= Sale of Goods Law and COVID-19 =

The Uniform Commercial Code is a standard Code that has been adopted by all 50 states. Still, every state has the ability to pick and chose what specific provisions of the UCC it wishes to adopt and make its own modifications. Uniform Commercial Code Article 2 governs the sale of goods that are over the price of $500. Illinois specifically has adopted the exact same Article 2 of the UCC to govern the sale of goods; This is also called the model code. The purpose of the UCC is to allow parties to freely enter into a contract for the sale of goods with their own terms, but still have default rules and gap-fillers for terms in the contract that are missing, ambiguous, or conflicting. A party may include in its contract a force majeure clause. A force majeure clause is a contract clause that allows parties to be free of liability and obligation in the event that an extraordinary capacity event beyond the parties control occurs.

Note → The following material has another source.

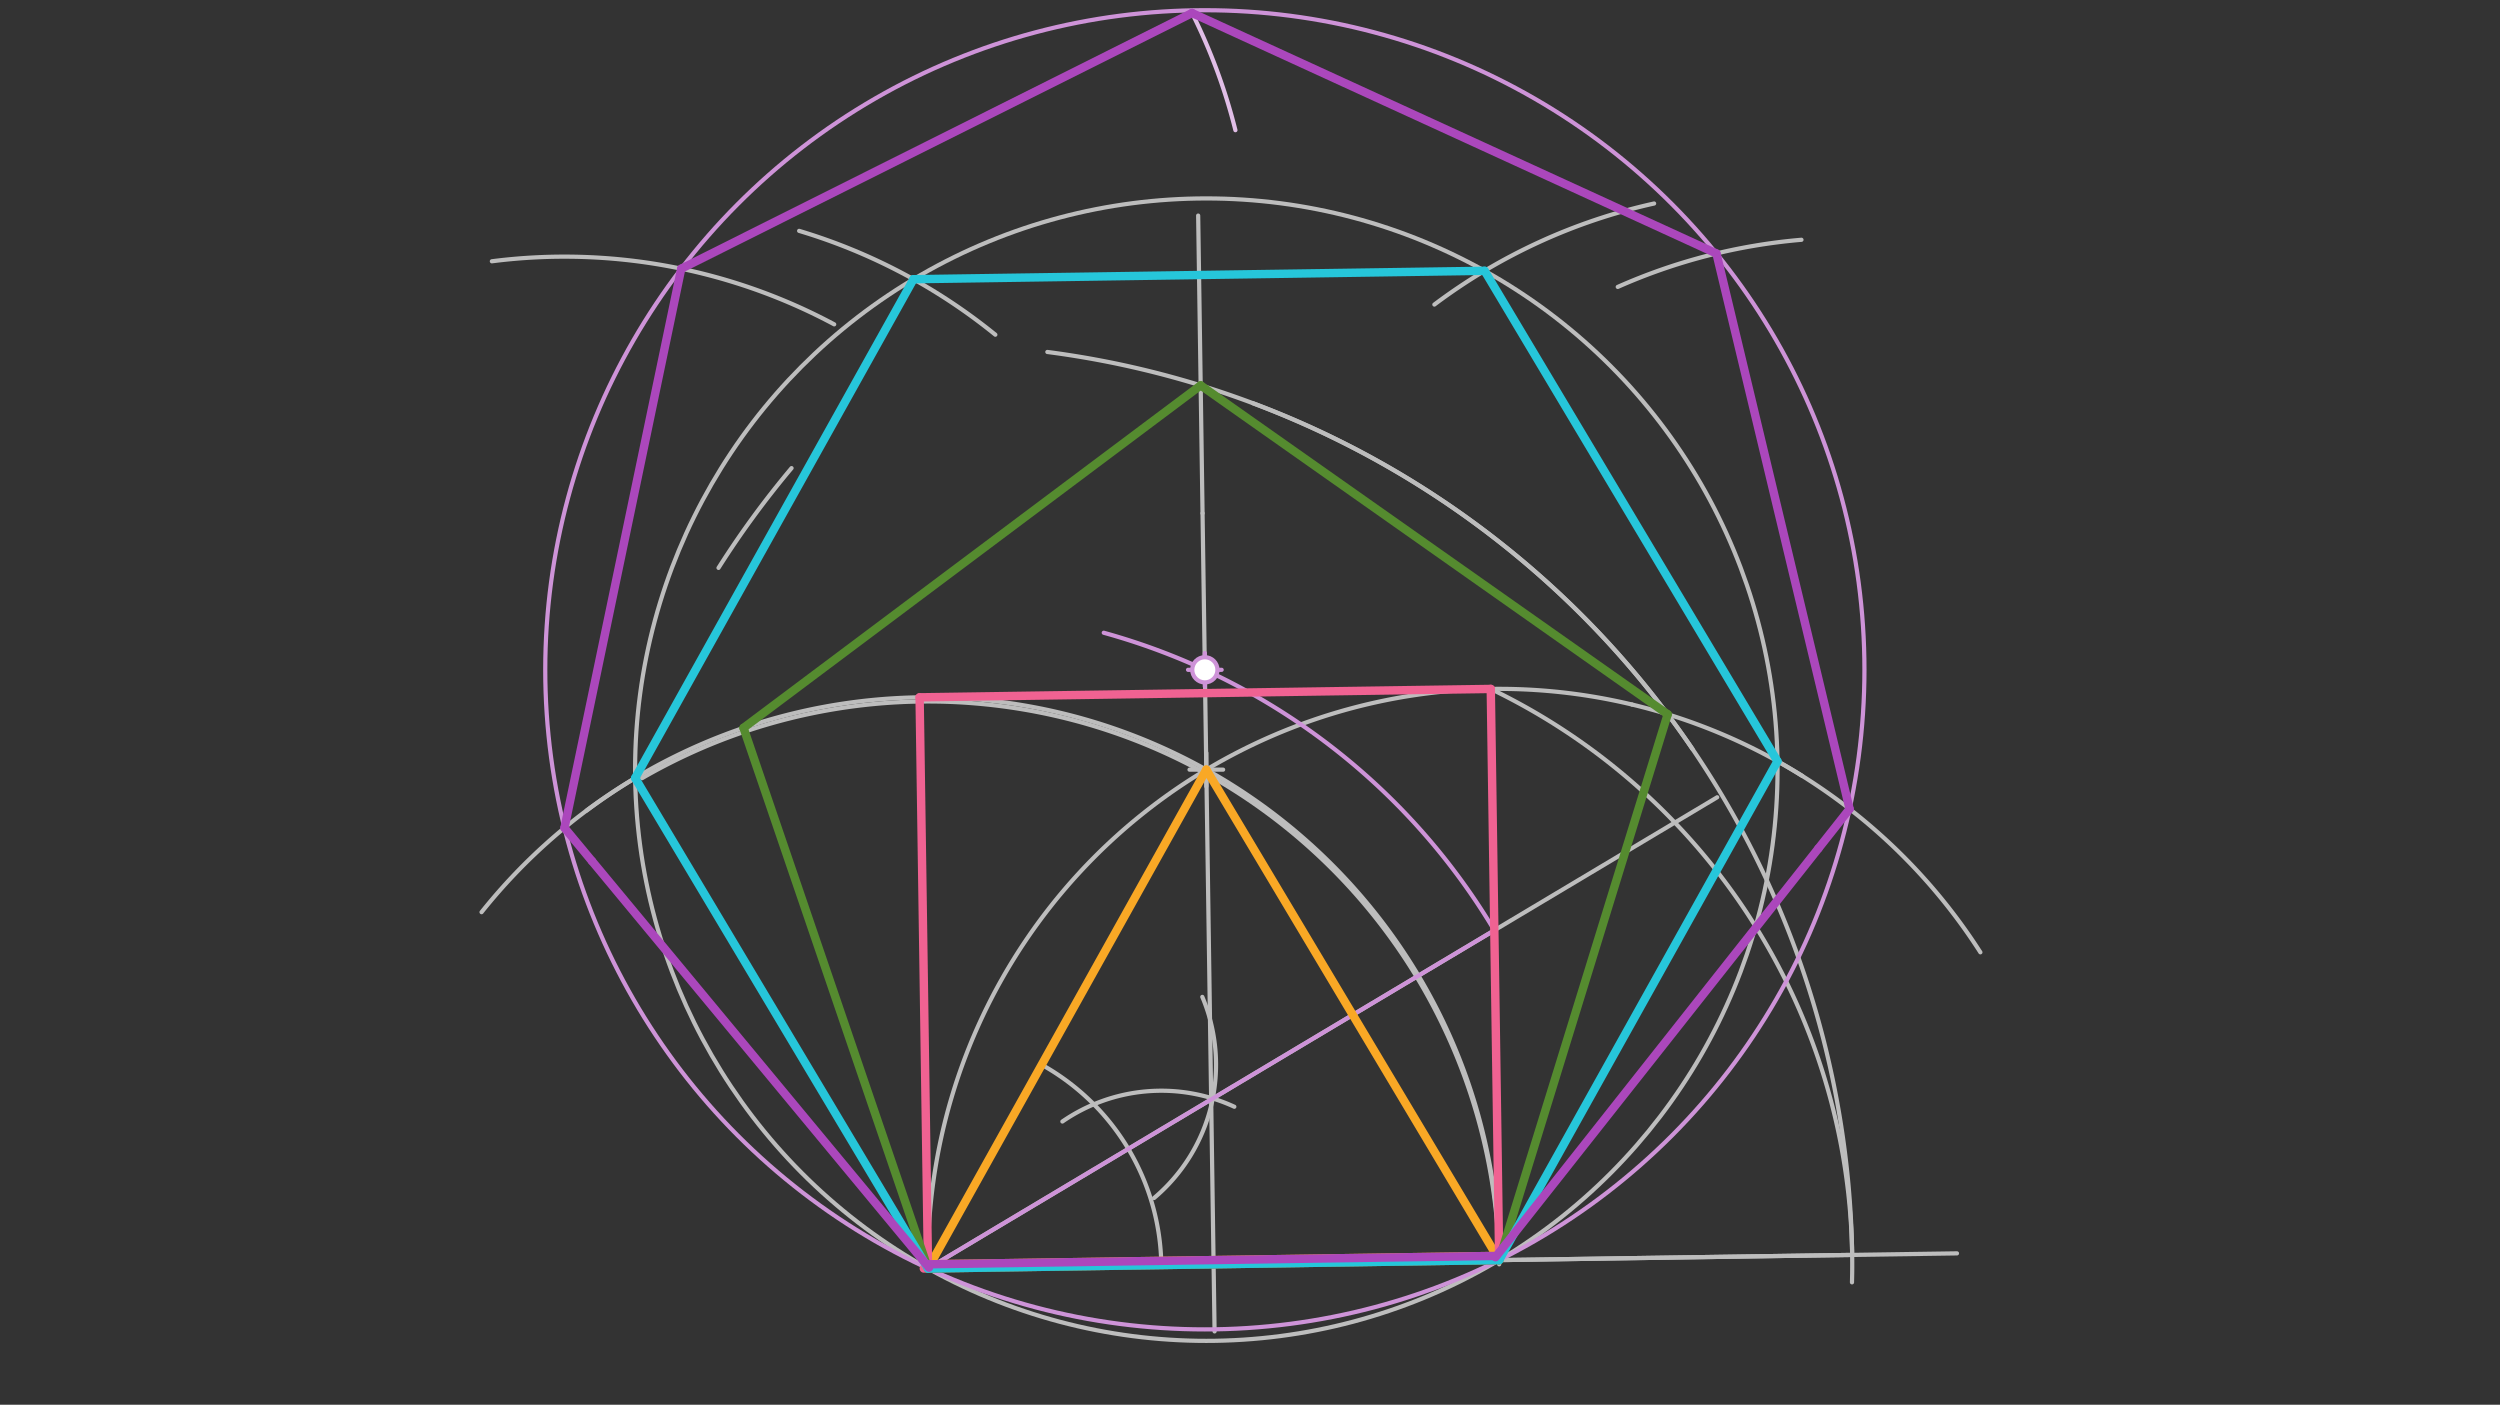 <svg xmlns="http://www.w3.org/2000/svg" class="svg--1it" height="100%" preserveAspectRatio="xMidYMid meet" viewBox="0 0 595.276 334.488" width="100%"><rect x="0" y="0" width="595.276" height="334.488" fill="#333333" stroke="none"/><defs><marker id="marker-arrow" markerHeight="16" markerUnits="userSpaceOnUse" markerWidth="24" orient="auto-start-reverse" refX="24" refY="4" viewBox="0 0 24 8"><path d="M 0 0 L 24 4 L 0 8 z" stroke="inherit"></path></marker></defs><g class="aux-layer--1FB"><g class="element--2qn"><path d="M 356.969 301.042 A 136.015 136.015 0 0 0 152.893 185.289" fill="none" stroke="#BDBDBD" stroke-dasharray="none" stroke-linecap="round" stroke-width="1"></path></g><g class="element--2qn"><path d="M 220.969 302.042 A 136.015 136.015 0 0 1 388.602 167.757" fill="none" stroke="#BDBDBD" stroke-dasharray="none" stroke-linecap="round" stroke-width="1"></path></g><g class="element--2qn"><line stroke="#BDBDBD" stroke-dasharray="none" stroke-linecap="round" stroke-width="1" x1="286.339" x2="289.204" y1="122.213" y2="317.023"></line></g><g class="element--2qn"><line stroke="#BDBDBD" stroke-dasharray="none" stroke-linecap="round" stroke-width="1" x1="286.339" x2="285.297" y1="122.213" y2="51.331"></line></g><g class="element--2qn"><path d="M 354.969 164.042 A 152.069 152.069 0 0 1 440.977 305.336" fill="none" stroke="#BDBDBD" stroke-dasharray="none" stroke-linecap="round" stroke-width="1"></path></g><g class="element--2qn"><line stroke="#BDBDBD" stroke-dasharray="none" stroke-linecap="round" stroke-width="1" x1="356.969" x2="465.975" y1="300.042" y2="298.439"></line></g><g class="element--2qn"><path d="M 441.021 298.806 A 220.076 220.076 0 0 0 298.338 96.013" fill="none" stroke="#BDBDBD" stroke-dasharray="none" stroke-linecap="round" stroke-width="1"></path></g><g class="element--2qn"><path d="M 402.993 178.346 A 220.076 220.076 0 0 0 249.39 83.808" fill="none" stroke="#BDBDBD" stroke-dasharray="none" stroke-linecap="round" stroke-width="1"></path></g><g class="element--2qn"><path d="M 388.602 167.757 A 136.015 136.015 0 0 1 429.146 184.758" fill="none" stroke="#BDBDBD" stroke-dasharray="none" stroke-linecap="round" stroke-width="1"></path></g><g class="element--2qn"><line stroke="#BDBDBD" stroke-dasharray="none" stroke-linecap="round" stroke-width="1" x1="220.969" x2="441.021" y1="302.042" y2="298.806"></line></g><g class="element--2qn"><path d="M 188.475 111.467 A 220.076 220.076 0 0 0 171.09 135.217" fill="none" stroke="#BDBDBD" stroke-dasharray="none" stroke-linecap="round" stroke-width="1"></path></g><g class="element--2qn"><g class="center--1s5"><line x1="283.237" y1="183.262" x2="291.237" y2="183.262" stroke="#BDBDBD" stroke-width="1" stroke-linecap="round"></line><line x1="287.237" y1="179.262" x2="287.237" y2="187.262" stroke="#BDBDBD" stroke-width="1" stroke-linecap="round"></line><circle class="hit--230" cx="287.237" cy="183.262" r="4" stroke="none" fill="transparent"></circle></g><circle cx="287.237" cy="183.262" fill="none" r="136.015" stroke="#BDBDBD" stroke-dasharray="none" stroke-width="1"></circle></g><g class="element--2qn"><path d="M 356.969 300.042 A 136.015 136.015 0 0 0 139.666 193.001" fill="none" stroke="#BDBDBD" stroke-dasharray="none" stroke-linecap="round" stroke-width="1"></path></g><g class="element--2qn"><path d="M 236.999 79.693 A 136.015 136.015 0 0 0 190.286 54.973" fill="none" stroke="#BDBDBD" stroke-dasharray="none" stroke-linecap="round" stroke-width="1"></path></g><g class="element--2qn"><path d="M 341.543 72.514 A 136.015 136.015 0 0 1 393.858 48.458" fill="none" stroke="#BDBDBD" stroke-dasharray="none" stroke-linecap="round" stroke-width="1"></path></g><g class="element--2qn"><path d="M 248.038 253.522 A 55.56 55.56 0 0 1 276.522 301.225" fill="none" stroke="#BDBDBD" stroke-dasharray="none" stroke-linecap="round" stroke-width="1"></path></g><g class="element--2qn"><path d="M 252.969 267.042 A 41.512 41.512 0 0 1 293.902 263.526" fill="none" stroke="#BDBDBD" stroke-dasharray="none" stroke-linecap="round" stroke-width="1"></path></g><g class="element--2qn"><path d="M 286.283 237.376 A 41.513 41.513 0 0 1 274.804 285.254" fill="none" stroke="#BDBDBD" stroke-dasharray="none" stroke-linecap="round" stroke-width="1"></path></g><g class="element--2qn"><line stroke="#BDBDBD" stroke-dasharray="none" stroke-linecap="round" stroke-width="1" x1="220.969" x2="408.888" y1="302.042" y2="189.833"></line></g><g class="element--2qn"><line stroke="#CE93D8" stroke-dasharray="none" stroke-linecap="round" stroke-width="1" x1="220.969" x2="355.814" y1="302.042" y2="221.524"></line></g><g class="element--2qn"><path d="M 355.814 221.524 A 157.055 157.055 0 0 0 262.82 150.665" fill="none" stroke="#CE93D8" stroke-dasharray="none" stroke-linecap="round" stroke-width="1"></path></g><g class="element--2qn"><g class="center--1s5"><line x1="282.887" y1="159.49" x2="290.887" y2="159.49" stroke="#CE93D8" stroke-width="1" stroke-linecap="round"></line><line x1="286.887" y1="155.49" x2="286.887" y2="163.49" stroke="#CE93D8" stroke-width="1" stroke-linecap="round"></line><circle class="hit--230" cx="286.887" cy="159.49" r="4" stroke="none" fill="transparent"></circle></g><circle cx="286.887" cy="159.49" fill="none" r="157.055" stroke="#CE93D8" stroke-dasharray="none" stroke-width="1"></circle></g><g class="element--2qn"><path d="M 151.237 185.262 A 136.015 136.015 0 0 0 114.664 217.193" fill="none" stroke="#BDBDBD" stroke-dasharray="none" stroke-linecap="round" stroke-width="1"></path></g><g class="element--2qn"><path d="M 423.237 181.262 A 136.015 136.015 0 0 1 471.549 226.752" fill="none" stroke="#BDBDBD" stroke-dasharray="none" stroke-linecap="round" stroke-width="1"></path></g><g class="element--2qn"><path d="M 117.122 62.214 A 136.015 136.015 0 0 1 198.629 77.227" fill="none" stroke="#BDBDBD" stroke-dasharray="none" stroke-linecap="round" stroke-width="1"></path></g><g class="element--2qn"><path d="M 428.943 57.095 A 136.015 136.015 0 0 0 385.21 68.315" fill="none" stroke="#BDBDBD" stroke-dasharray="none" stroke-linecap="round" stroke-width="1"></path></g><g class="element--2qn"><path d="M 294.162 30.993 A 136.015 136.015 0 0 0 283.837 3.102" fill="none" stroke="#E1BEE7" stroke-dasharray="none" stroke-linecap="round" stroke-width="1"></path></g><g class="element--2qn"><circle cx="286.887" cy="159.49" r="3" stroke="#CE93D8" stroke-width="1" fill="#ffffff"></circle>}</g></g><g class="main-layer--3Vd"><g class="element--2qn"><line stroke="#F9A825" stroke-dasharray="none" stroke-linecap="round" stroke-width="2" x1="220.969" x2="356.969" y1="301.042" y2="299.042"></line></g><g class="element--2qn"><line stroke="#F9A825" stroke-dasharray="none" stroke-linecap="round" stroke-width="2" x1="220.969" x2="287.237" y1="302.042" y2="183.262"></line></g><g class="element--2qn"><line stroke="#F9A825" stroke-dasharray="none" stroke-linecap="round" stroke-width="2" x1="356.969" x2="287.237" y1="300.042" y2="183.262"></line></g><g class="element--2qn"><line stroke="#F06292" stroke-dasharray="none" stroke-linecap="round" stroke-width="2" x1="219.969" x2="355.969" y1="302.042" y2="300.042"></line></g><g class="element--2qn"><line stroke="#F06292" stroke-dasharray="none" stroke-linecap="round" stroke-width="2" x1="356.969" x2="354.969" y1="300.042" y2="164.042"></line></g><g class="element--2qn"><line stroke="#F06292" stroke-dasharray="none" stroke-linecap="round" stroke-width="2" x1="220.969" x2="218.969" y1="302.042" y2="166.042"></line></g><g class="element--2qn"><line stroke="#F06292" stroke-dasharray="none" stroke-linecap="round" stroke-width="2" x1="218.969" x2="354.969" y1="166.042" y2="164.042"></line></g><g class="element--2qn"><line stroke="#558B2F" stroke-dasharray="none" stroke-linecap="round" stroke-width="2" x1="220.969" x2="356.969" y1="302.042" y2="300.042"></line></g><g class="element--2qn"><line stroke="#558B2F" stroke-dasharray="none" stroke-linecap="round" stroke-width="2" x1="356.969" x2="397.093" y1="300.042" y2="170.08"></line></g><g class="element--2qn"><line stroke="#558B2F" stroke-dasharray="none" stroke-linecap="round" stroke-width="2" x1="397.093" x2="285.891" y1="170.08" y2="91.759"></line></g><g class="element--2qn"><line stroke="#558B2F" stroke-dasharray="none" stroke-linecap="round" stroke-width="2" x1="220.969" x2="177.041" y1="302.042" y2="173.316"></line></g><g class="element--2qn"><line stroke="#558B2F" stroke-dasharray="none" stroke-linecap="round" stroke-width="2" x1="177.041" x2="285.891" y1="173.316" y2="91.759"></line></g><g class="element--2qn"><line stroke="#26C6DA" stroke-dasharray="none" stroke-linecap="round" stroke-width="2" x1="220.969" x2="356.969" y1="302.042" y2="300.042"></line></g><g class="element--2qn"><line stroke="#26C6DA" stroke-dasharray="none" stroke-linecap="round" stroke-width="2" x1="220.969" x2="151.237" y1="302.042" y2="185.262"></line></g><g class="element--2qn"><line stroke="#26C6DA" stroke-dasharray="none" stroke-linecap="round" stroke-width="2" x1="151.237" x2="217.505" y1="185.262" y2="66.483"></line></g><g class="element--2qn"><line stroke="#26C6DA" stroke-dasharray="none" stroke-linecap="round" stroke-width="2" x1="217.505" x2="353.505" y1="66.483" y2="64.483"></line></g><g class="element--2qn"><line stroke="#26C6DA" stroke-dasharray="none" stroke-linecap="round" stroke-width="2" x1="353.505" x2="423.237" y1="64.483" y2="181.262"></line></g><g class="element--2qn"><line stroke="#26C6DA" stroke-dasharray="none" stroke-linecap="round" stroke-width="2" x1="423.237" x2="356.969" y1="181.262" y2="300.042"></line></g><g class="element--2qn"><line stroke="#AB47BC" stroke-dasharray="none" stroke-linecap="round" stroke-width="2" x1="283.837" x2="162.209" y1="3.102" y2="63.983"></line></g><g class="element--2qn"><line stroke="#AB47BC" stroke-dasharray="none" stroke-linecap="round" stroke-width="2" x1="283.837" x2="408.703" y1="3.102" y2="60.358"></line></g><g class="element--2qn"><line stroke="#AB47BC" stroke-dasharray="none" stroke-linecap="round" stroke-width="2" x1="162.209" x2="134.408" y1="63.983" y2="197.126"></line></g><g class="element--2qn"><line stroke="#AB47BC" stroke-dasharray="none" stroke-linecap="round" stroke-width="2" x1="408.703" x2="440.407" y1="60.358" y2="192.626"></line></g><g class="element--2qn"><line stroke="#AB47BC" stroke-dasharray="none" stroke-linecap="round" stroke-width="2" x1="221.203" x2="140.969" y1="301.848" y2="205.042"></line></g><g class="element--2qn"><line stroke="#AB47BC" stroke-dasharray="none" stroke-linecap="round" stroke-width="2" x1="134.408" x2="140.969" y1="197.126" y2="205.042"></line></g><g class="element--2qn"><line stroke="#AB47BC" stroke-dasharray="none" stroke-linecap="round" stroke-width="2" x1="356.093" x2="432.969" y1="299.356" y2="202.042"></line></g><g class="element--2qn"><line stroke="#AB47BC" stroke-dasharray="none" stroke-linecap="round" stroke-width="2" x1="432.969" x2="440.407" y1="202.042" y2="192.626"></line></g><g class="element--2qn"><line stroke="#AB47BC" stroke-dasharray="none" stroke-linecap="round" stroke-width="2" x1="220.969" x2="356.278" y1="301.042" y2="299.052"></line></g></g><g class="snaps-layer--2PT"></g><g class="temp-layer--rAP"></g></svg>

There has been much debate regarding whether or not COVID-19 is considered an extraordinary capacity event that would be covered by the force majeure clause in many contracts. Many businesses are arguing that the force majeure clauses contained in its contract should be in full force and effect due to the Illinois Executive Order Regulations released during the pandemic that limited production and man-power. A recent case in Illinois discusses if COVID-19 should be considered an extraordinary capacity event under force majeure clauses. In Rudolph, the Court does not decide if COVID-19 is an even covered by a force majeure clause. It instead provides that every case needs its own individual analysis in deciding if the force majeure clause is in full force and effect for every unique circumstance in which the parties state that they could not perform under the contract. The Court notes that in order for the force majeure to be relevant due to COVID, lack of performance by the party must have completely been out of its/their control, and that government regulation could be evidence of that. In determining what is out a parties control, it is important to take in consideration all of the things that were impacted due to COVID-19 including: supply chains, production restrictions, employee restrictions, health restrictions, etc. This is going to be an ongoing issue, and the bigger the losses are due to COVID-19, the more important the law regarding force majeure clauses becomes.